■ EXERCISE INSTRUCTIONS: Copy all lines containing the string "http" from the records below.

■ Data entries:
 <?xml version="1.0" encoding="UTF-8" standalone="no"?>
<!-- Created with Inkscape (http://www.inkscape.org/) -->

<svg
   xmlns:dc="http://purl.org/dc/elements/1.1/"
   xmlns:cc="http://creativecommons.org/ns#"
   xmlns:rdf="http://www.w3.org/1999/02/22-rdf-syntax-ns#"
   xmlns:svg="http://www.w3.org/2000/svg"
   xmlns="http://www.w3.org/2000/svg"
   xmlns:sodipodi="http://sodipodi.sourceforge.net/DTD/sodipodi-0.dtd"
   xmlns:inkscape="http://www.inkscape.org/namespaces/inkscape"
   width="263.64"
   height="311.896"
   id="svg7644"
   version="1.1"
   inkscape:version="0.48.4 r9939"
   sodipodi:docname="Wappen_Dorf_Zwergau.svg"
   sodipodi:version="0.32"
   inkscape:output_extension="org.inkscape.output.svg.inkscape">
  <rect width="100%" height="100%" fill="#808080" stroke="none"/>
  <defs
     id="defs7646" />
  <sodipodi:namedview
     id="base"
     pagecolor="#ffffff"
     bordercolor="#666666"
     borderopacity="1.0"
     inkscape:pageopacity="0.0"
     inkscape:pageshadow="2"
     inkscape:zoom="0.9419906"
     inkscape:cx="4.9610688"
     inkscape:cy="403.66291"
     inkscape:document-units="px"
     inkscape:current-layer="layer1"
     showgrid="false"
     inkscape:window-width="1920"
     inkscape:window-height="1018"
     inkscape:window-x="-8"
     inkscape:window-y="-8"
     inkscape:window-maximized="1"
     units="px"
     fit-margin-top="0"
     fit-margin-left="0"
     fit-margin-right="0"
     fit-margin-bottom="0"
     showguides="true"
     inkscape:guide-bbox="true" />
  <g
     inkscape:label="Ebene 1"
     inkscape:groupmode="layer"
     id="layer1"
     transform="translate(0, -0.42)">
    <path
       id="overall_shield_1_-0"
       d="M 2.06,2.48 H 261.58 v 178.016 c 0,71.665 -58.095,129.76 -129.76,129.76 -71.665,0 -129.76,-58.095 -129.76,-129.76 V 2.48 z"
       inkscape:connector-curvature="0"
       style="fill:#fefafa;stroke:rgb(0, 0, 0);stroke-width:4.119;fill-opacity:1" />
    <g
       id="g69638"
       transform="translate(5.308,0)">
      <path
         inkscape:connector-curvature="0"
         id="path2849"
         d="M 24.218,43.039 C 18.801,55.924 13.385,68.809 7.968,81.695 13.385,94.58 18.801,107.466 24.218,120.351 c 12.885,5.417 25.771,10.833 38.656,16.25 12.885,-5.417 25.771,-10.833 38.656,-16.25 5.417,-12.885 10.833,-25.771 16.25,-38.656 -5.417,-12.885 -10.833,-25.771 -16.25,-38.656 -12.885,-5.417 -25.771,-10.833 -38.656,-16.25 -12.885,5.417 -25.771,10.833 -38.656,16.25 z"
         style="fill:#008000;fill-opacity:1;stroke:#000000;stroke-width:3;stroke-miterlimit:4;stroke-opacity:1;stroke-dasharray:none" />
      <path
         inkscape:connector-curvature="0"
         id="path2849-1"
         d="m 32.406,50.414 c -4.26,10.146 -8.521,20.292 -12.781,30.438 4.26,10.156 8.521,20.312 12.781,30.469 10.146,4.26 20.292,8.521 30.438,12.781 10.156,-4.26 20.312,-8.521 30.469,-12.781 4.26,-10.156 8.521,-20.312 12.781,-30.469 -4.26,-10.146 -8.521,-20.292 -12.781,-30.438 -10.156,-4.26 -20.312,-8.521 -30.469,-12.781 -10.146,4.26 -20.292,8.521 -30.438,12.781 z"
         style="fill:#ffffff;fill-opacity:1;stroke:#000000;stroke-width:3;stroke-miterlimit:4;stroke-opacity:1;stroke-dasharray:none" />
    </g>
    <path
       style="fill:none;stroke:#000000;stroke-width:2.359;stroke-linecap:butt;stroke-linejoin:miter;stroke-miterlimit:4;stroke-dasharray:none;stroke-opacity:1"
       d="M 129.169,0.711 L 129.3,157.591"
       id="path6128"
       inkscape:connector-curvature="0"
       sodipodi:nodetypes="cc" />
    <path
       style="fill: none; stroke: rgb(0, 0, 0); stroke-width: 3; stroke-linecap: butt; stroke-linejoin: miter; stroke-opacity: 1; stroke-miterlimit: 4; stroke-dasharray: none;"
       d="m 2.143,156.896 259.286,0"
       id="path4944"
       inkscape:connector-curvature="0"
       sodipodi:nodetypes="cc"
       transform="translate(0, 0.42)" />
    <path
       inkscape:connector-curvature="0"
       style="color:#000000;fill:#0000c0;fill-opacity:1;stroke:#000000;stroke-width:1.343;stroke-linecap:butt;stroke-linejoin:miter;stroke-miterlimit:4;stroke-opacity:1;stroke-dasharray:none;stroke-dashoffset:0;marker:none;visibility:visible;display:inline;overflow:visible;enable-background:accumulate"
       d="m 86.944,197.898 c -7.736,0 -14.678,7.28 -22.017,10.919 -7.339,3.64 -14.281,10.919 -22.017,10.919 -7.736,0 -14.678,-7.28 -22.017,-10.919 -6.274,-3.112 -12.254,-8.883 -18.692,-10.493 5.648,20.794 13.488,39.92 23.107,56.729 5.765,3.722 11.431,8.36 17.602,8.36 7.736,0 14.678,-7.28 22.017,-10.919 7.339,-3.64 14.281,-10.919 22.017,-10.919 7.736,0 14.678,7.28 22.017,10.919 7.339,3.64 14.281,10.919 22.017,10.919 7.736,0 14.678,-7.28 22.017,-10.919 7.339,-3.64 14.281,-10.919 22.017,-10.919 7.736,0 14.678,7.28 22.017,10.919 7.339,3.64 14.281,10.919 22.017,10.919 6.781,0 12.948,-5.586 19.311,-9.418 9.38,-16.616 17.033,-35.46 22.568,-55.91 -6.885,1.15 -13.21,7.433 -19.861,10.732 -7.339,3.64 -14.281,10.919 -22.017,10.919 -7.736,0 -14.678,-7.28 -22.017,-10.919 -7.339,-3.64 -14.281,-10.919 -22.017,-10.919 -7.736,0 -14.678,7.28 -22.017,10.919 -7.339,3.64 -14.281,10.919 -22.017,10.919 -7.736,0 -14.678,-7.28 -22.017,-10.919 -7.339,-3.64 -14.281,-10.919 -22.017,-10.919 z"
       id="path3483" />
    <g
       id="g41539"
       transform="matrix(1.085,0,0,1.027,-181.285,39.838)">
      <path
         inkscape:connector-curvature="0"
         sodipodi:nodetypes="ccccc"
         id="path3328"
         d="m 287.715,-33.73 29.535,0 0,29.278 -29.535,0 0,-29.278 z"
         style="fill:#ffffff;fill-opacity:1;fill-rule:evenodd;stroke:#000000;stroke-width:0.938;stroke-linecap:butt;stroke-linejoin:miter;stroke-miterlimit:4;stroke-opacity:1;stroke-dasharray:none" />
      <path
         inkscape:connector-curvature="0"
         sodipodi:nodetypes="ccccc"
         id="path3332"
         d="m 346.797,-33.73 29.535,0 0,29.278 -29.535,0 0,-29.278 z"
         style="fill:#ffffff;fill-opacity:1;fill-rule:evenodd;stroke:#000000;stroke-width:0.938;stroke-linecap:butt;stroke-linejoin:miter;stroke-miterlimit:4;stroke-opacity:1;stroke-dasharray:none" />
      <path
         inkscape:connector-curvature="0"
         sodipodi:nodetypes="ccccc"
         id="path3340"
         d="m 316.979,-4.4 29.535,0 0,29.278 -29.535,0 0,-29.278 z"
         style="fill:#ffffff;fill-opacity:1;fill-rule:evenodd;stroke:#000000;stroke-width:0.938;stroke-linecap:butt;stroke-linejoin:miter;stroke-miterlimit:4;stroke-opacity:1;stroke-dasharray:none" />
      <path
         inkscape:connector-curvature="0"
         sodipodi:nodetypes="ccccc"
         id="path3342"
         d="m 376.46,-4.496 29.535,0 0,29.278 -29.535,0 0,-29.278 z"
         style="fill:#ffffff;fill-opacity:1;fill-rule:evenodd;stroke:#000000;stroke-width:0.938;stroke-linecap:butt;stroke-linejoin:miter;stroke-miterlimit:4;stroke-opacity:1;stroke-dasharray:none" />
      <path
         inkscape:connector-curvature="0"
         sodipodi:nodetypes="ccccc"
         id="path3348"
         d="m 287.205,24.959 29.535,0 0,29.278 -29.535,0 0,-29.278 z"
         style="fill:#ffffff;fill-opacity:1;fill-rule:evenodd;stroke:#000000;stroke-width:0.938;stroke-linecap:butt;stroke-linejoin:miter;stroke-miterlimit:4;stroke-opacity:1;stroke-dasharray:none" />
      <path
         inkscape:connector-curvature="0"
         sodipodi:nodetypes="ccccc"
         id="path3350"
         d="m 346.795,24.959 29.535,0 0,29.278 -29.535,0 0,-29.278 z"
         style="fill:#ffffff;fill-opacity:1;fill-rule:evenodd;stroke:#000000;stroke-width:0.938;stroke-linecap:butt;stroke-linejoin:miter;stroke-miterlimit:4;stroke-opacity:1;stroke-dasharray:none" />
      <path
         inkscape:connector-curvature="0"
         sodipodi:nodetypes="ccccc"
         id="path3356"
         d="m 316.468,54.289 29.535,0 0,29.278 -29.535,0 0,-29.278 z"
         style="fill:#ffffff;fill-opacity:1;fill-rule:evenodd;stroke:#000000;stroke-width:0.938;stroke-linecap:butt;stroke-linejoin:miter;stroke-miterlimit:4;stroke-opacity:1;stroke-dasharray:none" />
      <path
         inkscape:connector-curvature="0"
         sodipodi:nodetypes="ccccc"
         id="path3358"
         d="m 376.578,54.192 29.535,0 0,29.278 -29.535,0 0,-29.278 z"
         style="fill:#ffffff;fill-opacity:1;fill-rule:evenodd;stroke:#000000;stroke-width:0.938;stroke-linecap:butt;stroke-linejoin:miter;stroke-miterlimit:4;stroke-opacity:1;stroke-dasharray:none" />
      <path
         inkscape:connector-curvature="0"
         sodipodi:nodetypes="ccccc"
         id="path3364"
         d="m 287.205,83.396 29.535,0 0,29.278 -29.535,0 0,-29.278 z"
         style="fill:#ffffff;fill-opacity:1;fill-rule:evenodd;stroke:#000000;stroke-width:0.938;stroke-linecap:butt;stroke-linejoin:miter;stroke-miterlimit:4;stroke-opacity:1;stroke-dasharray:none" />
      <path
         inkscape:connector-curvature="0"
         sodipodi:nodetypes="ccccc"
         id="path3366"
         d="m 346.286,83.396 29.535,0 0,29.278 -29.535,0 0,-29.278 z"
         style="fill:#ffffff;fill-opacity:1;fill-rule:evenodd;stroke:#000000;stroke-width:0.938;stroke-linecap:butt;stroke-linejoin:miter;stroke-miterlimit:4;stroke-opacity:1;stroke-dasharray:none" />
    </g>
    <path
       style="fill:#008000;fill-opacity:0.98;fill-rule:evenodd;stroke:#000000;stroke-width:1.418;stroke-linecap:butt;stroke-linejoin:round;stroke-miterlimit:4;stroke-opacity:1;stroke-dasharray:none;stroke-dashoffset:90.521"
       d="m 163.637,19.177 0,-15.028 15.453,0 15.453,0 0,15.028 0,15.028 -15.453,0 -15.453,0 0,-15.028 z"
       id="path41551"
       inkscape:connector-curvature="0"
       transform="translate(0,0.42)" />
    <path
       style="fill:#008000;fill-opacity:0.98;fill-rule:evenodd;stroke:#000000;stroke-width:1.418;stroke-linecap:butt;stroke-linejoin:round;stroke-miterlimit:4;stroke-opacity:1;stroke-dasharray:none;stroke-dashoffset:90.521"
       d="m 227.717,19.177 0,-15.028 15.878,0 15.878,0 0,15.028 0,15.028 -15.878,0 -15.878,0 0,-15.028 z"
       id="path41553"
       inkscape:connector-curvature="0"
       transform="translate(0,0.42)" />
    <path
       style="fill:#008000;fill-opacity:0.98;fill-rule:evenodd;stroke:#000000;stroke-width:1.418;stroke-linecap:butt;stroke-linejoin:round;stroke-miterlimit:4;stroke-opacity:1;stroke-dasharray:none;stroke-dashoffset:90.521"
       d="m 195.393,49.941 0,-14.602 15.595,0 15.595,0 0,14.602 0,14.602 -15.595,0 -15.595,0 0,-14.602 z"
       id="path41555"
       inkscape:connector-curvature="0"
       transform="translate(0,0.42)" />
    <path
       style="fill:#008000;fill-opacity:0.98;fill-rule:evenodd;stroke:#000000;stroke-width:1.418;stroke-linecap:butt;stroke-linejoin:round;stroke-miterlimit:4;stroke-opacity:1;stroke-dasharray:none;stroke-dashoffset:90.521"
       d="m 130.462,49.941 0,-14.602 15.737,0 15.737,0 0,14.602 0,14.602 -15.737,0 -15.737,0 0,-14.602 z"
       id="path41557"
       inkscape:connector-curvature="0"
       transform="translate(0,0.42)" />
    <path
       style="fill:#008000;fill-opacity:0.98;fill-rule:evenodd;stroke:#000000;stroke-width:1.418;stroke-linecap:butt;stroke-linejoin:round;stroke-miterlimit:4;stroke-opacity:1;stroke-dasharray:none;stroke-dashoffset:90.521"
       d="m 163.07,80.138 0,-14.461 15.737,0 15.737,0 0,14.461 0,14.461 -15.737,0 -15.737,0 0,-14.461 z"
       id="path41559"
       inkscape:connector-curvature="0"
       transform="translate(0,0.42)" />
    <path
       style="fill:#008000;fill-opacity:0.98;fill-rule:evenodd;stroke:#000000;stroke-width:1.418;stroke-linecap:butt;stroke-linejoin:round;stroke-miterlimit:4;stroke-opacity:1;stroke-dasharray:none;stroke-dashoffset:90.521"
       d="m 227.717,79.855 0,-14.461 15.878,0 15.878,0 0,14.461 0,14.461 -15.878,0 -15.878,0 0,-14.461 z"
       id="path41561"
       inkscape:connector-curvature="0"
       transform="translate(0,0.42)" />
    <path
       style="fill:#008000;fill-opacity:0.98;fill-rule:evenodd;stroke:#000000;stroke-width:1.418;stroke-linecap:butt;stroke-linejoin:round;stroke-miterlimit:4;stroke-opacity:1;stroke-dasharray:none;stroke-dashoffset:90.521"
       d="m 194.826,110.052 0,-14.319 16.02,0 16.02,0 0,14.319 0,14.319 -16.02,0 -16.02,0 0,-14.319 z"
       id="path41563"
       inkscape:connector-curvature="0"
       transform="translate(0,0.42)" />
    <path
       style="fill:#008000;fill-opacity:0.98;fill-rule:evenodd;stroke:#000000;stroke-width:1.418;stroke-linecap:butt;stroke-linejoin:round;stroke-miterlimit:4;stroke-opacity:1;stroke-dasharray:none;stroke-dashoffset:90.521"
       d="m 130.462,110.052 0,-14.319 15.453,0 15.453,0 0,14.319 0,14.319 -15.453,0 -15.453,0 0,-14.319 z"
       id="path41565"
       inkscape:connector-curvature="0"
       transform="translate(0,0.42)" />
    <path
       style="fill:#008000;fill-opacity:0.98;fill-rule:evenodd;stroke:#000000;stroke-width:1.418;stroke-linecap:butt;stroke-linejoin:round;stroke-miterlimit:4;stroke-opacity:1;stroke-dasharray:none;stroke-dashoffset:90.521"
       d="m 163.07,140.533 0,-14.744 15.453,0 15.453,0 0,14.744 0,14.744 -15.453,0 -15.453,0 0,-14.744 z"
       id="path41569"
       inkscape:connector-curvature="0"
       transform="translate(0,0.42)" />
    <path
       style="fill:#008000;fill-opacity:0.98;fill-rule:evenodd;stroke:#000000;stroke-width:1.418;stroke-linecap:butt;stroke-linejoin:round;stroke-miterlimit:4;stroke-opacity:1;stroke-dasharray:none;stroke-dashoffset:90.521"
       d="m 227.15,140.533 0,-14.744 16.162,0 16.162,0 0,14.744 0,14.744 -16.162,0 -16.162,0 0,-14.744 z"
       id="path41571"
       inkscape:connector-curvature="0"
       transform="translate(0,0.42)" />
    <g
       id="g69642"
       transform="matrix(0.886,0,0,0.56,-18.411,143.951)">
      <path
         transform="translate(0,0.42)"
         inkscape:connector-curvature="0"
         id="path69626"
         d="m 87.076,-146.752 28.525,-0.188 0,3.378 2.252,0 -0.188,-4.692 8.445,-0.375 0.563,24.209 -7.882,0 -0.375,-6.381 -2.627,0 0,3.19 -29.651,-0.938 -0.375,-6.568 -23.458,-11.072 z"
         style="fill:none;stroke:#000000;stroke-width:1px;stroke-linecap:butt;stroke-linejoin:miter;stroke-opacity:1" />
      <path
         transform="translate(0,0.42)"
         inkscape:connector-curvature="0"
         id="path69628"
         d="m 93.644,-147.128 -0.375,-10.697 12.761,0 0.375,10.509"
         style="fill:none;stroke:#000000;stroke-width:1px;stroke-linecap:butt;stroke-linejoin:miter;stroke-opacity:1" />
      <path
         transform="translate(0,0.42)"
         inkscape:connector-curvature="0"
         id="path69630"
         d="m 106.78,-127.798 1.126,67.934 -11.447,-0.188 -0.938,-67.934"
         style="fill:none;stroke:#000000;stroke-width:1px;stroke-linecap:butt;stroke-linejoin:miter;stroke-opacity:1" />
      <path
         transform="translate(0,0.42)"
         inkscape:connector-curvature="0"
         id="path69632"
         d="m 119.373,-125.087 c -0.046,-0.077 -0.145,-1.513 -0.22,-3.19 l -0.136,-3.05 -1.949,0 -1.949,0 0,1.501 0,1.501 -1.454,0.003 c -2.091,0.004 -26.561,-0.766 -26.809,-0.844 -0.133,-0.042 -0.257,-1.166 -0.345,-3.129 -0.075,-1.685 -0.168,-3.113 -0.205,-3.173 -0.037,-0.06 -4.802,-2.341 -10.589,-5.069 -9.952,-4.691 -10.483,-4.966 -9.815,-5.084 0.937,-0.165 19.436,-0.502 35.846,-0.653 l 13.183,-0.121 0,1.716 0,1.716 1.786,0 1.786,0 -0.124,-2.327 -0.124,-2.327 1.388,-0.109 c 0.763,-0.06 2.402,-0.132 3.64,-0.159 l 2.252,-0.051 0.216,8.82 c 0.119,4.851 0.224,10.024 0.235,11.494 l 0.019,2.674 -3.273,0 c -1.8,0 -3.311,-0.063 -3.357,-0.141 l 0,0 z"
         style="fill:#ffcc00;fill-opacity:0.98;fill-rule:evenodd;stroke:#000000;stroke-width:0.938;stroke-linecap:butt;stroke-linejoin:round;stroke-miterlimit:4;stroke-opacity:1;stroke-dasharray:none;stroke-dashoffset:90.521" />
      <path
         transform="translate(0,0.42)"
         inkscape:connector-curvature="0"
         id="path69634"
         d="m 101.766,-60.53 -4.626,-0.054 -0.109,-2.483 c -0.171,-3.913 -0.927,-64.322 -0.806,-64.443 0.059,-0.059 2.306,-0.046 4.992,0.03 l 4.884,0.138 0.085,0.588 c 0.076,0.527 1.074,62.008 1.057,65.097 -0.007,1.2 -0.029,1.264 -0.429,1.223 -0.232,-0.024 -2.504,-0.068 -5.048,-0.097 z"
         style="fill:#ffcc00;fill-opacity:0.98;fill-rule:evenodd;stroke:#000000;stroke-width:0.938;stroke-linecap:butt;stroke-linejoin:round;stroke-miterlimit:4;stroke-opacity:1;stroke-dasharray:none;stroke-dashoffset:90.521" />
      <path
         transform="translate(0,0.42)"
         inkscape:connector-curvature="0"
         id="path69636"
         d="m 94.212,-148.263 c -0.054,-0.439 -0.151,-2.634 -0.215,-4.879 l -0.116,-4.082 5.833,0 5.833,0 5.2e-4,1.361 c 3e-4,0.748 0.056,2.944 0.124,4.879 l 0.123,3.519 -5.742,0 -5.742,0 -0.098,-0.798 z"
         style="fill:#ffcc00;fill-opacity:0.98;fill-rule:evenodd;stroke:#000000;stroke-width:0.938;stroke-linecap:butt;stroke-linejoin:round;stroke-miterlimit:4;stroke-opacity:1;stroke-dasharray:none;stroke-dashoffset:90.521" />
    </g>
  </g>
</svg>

■ EXERCISE SOLUTION:
<!-- Created with Inkscape (http://www.inkscape.org/) -->
   xmlns:dc="http://purl.org/dc/elements/1.1/"
   xmlns:cc="http://creativecommons.org/ns#"
   xmlns:rdf="http://www.w3.org/1999/02/22-rdf-syntax-ns#"
   xmlns:svg="http://www.w3.org/2000/svg"
   xmlns="http://www.w3.org/2000/svg"
   xmlns:sodipodi="http://sodipodi.sourceforge.net/DTD/sodipodi-0.dtd"
   xmlns:inkscape="http://www.inkscape.org/namespaces/inkscape"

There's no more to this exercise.